## [What to work on]
Search each line below for the word "Bjarni" and list those that contain it.

## [Material to process]
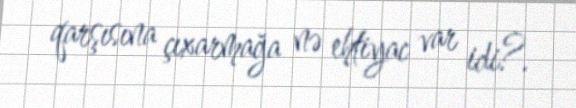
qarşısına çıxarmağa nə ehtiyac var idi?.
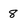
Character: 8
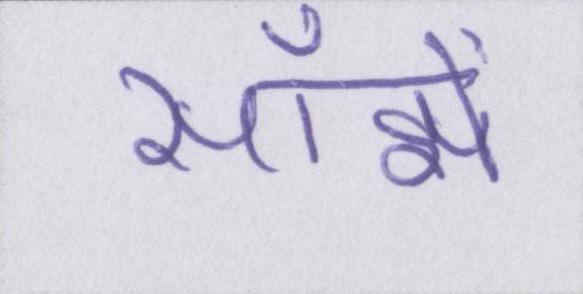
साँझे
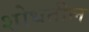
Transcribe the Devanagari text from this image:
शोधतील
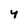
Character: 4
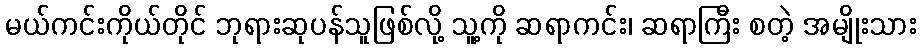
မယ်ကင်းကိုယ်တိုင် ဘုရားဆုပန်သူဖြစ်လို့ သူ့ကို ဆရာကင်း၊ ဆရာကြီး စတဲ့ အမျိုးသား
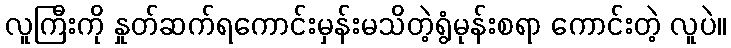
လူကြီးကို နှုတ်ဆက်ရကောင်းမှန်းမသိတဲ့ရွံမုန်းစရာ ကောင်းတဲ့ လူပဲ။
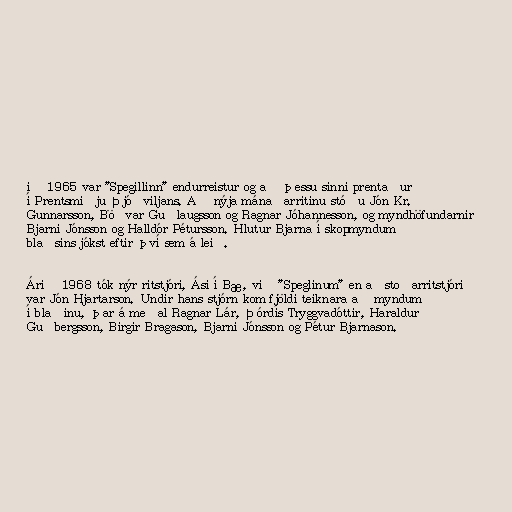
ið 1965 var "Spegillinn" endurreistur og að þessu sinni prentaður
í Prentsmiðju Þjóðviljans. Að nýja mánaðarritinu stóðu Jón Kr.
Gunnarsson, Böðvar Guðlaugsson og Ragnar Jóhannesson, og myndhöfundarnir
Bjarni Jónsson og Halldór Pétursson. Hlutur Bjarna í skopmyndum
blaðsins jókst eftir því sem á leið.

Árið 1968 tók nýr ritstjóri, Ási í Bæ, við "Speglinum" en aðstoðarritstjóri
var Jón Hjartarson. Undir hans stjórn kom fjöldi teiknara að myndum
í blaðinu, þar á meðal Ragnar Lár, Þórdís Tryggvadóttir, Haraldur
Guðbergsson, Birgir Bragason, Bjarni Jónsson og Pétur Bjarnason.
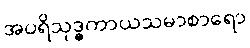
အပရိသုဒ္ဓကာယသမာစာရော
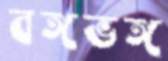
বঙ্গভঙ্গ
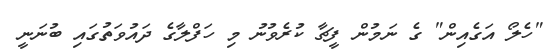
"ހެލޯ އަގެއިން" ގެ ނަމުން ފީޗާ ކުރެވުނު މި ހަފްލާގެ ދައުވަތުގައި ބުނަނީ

## [Final answer]
Bjarni Jónsson og Halldór Pétursson. Hlutur Bjarna í skopmyndum
Guðbergsson, Birgir Bragason, Bjarni Jónsson og Pétur Bjarnason.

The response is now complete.